# Can this tablet be saved?



## deubanks (Nov 5, 2000)

I have this old ACER Tablet that I bought several years ago. I don't remember if it had win 7 or 8 on it. It was updated to WIN 10 several years ago.
Some time ago I upgraded it to the latest version of Win 10. I did not used it until a couple of days ago and found that it does not have a sound device. 
It will not play any sound.
Can a sound device be added?

Tech Support Guy System Info Utility version 1.0.0.9
OS Version: Microsoft Windows 10 Home, 32 bit, Build 19043, Installed 20210406233748.000000-240
Processor: Intel(R) Atom(TM) CPU Z3735F @ 1.33GHz, x64 Family 6 Model 55 Stepping 8, CPU Count: 4
Total Physical RAM: 2 GB
Graphics Card: 
Hard Drives: C: 28 GB (16 GB Free);
Motherboard: Acer Popcorn, ver To be filled by O.E.M., s/n NBG5C11001609F1EBC7200
System: American Megatrends Inc., ver ALASKA - 3, s/n NTG53AA0056117B9C07200
Antivirus: Windows Defender, Enabled and Updated


----------



## lunarlander (Sep 22, 2007)

Go to the ACER web site, locate the support page for that tablet model and see if there are drivers for sound.


----------



## flavallee (May 12, 2002)

According to the information in your log, you have an *Acer One 10 S1002-145A 2-in-1 Netbook*

According to its support site, it came with Windows 10 Home 32-bit and these specs:
10.1" touchscreen display (1280 X 800)
Intel Atom Z3735F 1.33 GHz quad core processor
2 GB DDR3L-RS 1333 MHz RAM
32 GB eMMC flash drive
Intel HD Graphics 311 MHz
Realtek RL-SM02BD 802.11b/g/n wireless

It does not have an integrated sound device, therefore no sound driver exists for it.

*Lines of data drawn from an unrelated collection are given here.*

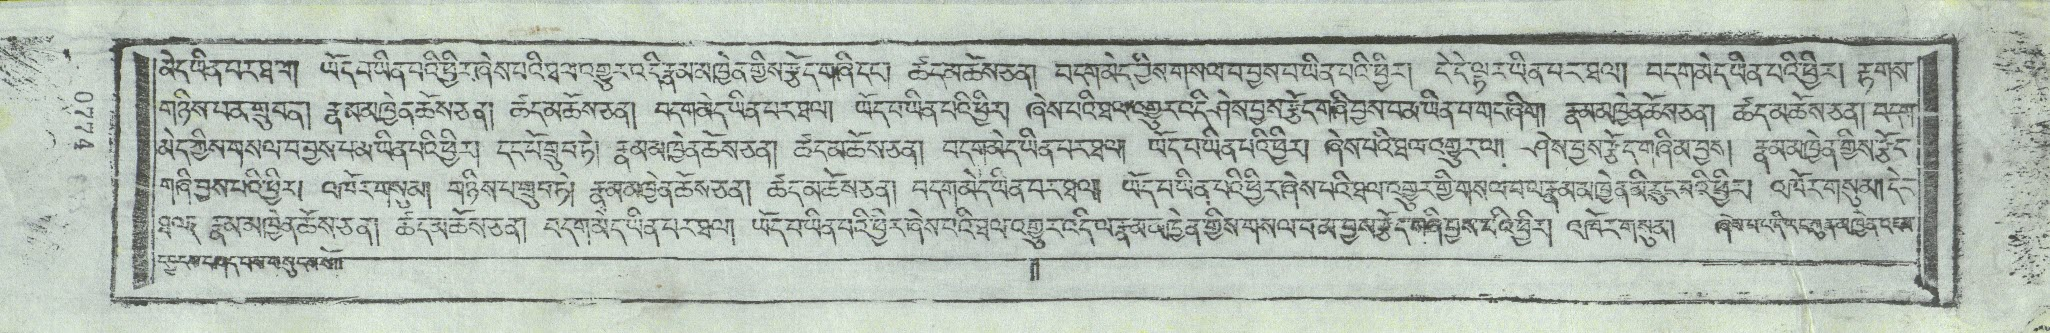མེད་ཡིན་པར་ཐལ། ཡོད་པ་ཡིན་པའི་ཕྱིར་ཞེས་པའི་ཐལ་འགྱུར་འདི་རྣམ་མཁྱེན་གྱིས་རྩོད་གཞི་དང་། ཚད་མཆོས་ཅན། བདག་མེད་ཀྱིས་གསལ་བ་བྱས་པ་ཡིན་པའི་ཕྱིར། དེ་དེ་ལྟར་ཡིན་པར་ཐལ། བདག་མེད་ཡིན་པའི་ཕྱིར། རྟགས་
གཉིས་པ་མ་གྲུབ་པ་ན། རྣམ་མཁྱེན་ཆོས་ཅན། ཚད་མཆོས་ཅན། བདག་མེད་ཡིན་པར་ཐལ། ཡོད་པ་ཡིན་པའི་ཕྱིར། ཞེས་པའི་ཐལ་འགྱུར་འདི་ཤེས་བྱས་རྩོད་གཞི་བྱས་པ་མ་ཡིན་པ་གང་ཞིག། རྣམ་མཁྱེན་ཆོས་ཅན། ཚད་མཆོས་ཅན། བདག་
མེད་ཀྱིས་གསལ་བ་བྱས་པ་མ་ཡིན་པའི་ཕྱིར། དང་བོ་གྲུབ་ཏེ། རྣམ་མཁྱེན་ཆོས་ཅན། ཚད་མཆོས་ཅན། བདག་མེད་ཡིན་པར་ཐལ། ཡོད་པ་ཡིན་པའི་ཕྱིར། ཞེས་པའི་ཐལ་འགྱུར་ལ། ཤེས་བྱས་རྩོད་གཞི་མ་བྱས། རྣམ་མཁྱེན་གྱིས་རྩོད་
གཞི་བྱས་བའི་ཕྱིར། འཁོར་གསུམ། གཉིས་པ་གྲུབ་ཏེ། རྣམ་མཁྱེན་ཆོས་ཅན། ཚད་མཆོས་ཅན། བདག་མེད་ཡིན་པར་ཐལ། ཡོད་པ་ཡིན་པའི་ཕྱིར་ཞེས་པའི་ཐལ་འགྱུར་གྱི་གསལ་བ་ལ་རྣམ་མཁྱེན་མི་རུང་བའི་ཕྱིར། འཁོར་གསུམ། དེར་
ཐལ༑ རྣམ་མཁྱེན་ཆོས་ཅན། ཚད་མ་ཆོས་ཅན། བདག་མེད་ཡིན་པར་ཐལ། ཡོད་པ་ཡིན་པའི་ཕྱིར་ཞེས་པའི་ཐལ་འགྱུར་འདི་ལ་རྣམ་མཁྱེན་གྱིས་གསལ་བ་མ་བྱས་རྩོད་གཞི་བྱས་པའི་ཕྱིར། འཁོར་གསུམ། ཞེས་པ་འདི་ཡང་ཀུན་མཁྱེན་འཇམ་
དབྱངས་བཞད་པས་གསུངས་སོ།། །།

-------------------------------------------------


----------



## deubanks (Nov 5, 2000)

It had sound when I bought it. It has never been used much. It shows a speaker in the left bottom corner with a red x on it.
It also has speaker up and down keys on the keyboard and it has a headphone jack.

I tried to get support on the acer website and it did not recognize the serial no. I will try it again.


----------



## deubanks (Nov 5, 2000)

flavallee said:


> According to the information in your log, you have an *Acer One 10 S1002-145A 2-in-1 Netbook*
> 
> According to its support site, it came with Windows 10 Home 32-bit and these specs:
> 10.1" touchscreen display (1280 X 800)
> ...


How did you find it on the ACER website? I just tried again and the serial no. was not recognized.


----------



## deubanks (Nov 5, 2000)

deubanks said:


> How did you find it on the ACER website? I just tried again and the serial no. was not recognized.

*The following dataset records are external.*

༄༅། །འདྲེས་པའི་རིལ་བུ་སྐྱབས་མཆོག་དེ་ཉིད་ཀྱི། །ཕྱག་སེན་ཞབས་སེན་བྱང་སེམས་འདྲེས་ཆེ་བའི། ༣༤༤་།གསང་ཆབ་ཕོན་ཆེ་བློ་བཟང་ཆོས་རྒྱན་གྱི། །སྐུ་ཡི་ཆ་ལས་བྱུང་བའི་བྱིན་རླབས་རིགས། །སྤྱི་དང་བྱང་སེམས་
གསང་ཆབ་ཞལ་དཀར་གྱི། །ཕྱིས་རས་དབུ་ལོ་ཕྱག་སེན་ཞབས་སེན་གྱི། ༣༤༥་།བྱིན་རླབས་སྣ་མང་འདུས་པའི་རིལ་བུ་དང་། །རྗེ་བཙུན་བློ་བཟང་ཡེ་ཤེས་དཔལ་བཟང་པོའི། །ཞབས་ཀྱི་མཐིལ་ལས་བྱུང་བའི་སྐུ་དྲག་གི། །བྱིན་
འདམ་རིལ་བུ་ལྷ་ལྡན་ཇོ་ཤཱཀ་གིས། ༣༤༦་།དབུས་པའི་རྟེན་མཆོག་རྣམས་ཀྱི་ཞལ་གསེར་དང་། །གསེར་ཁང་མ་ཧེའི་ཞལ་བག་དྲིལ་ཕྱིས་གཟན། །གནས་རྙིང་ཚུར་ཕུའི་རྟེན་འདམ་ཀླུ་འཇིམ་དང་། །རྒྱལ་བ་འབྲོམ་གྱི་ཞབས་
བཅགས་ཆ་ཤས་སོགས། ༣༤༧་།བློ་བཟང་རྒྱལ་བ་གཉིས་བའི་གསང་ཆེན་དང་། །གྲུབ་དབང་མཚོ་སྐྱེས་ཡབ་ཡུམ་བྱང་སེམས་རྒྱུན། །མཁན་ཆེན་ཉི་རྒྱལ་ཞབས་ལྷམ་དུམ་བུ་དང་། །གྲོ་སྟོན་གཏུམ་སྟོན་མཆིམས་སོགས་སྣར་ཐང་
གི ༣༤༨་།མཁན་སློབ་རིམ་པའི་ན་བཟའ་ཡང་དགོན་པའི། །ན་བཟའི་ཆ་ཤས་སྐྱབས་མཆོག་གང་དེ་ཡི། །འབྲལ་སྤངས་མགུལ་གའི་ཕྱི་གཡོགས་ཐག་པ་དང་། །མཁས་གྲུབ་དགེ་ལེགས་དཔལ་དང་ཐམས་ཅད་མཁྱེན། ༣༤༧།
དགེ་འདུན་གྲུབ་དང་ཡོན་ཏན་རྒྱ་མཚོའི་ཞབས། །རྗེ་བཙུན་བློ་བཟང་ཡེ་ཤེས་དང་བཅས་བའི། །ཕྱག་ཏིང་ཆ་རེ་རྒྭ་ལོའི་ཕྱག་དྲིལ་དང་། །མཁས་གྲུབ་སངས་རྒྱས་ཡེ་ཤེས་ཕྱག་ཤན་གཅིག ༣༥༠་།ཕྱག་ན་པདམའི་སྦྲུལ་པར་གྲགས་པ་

I found it now but when I select drivers and manuals and enter the serial no. it does not recognize it.
Thanks for your reply.


----------



## Couriant (Mar 26, 2002)

Considering it has a mic and a webcam, I would be surprised if it didn't have a sound card of some kind.

@deubanks If you check Device Manager for Sounds drop down or Other Devices, do you see any with an ! mark?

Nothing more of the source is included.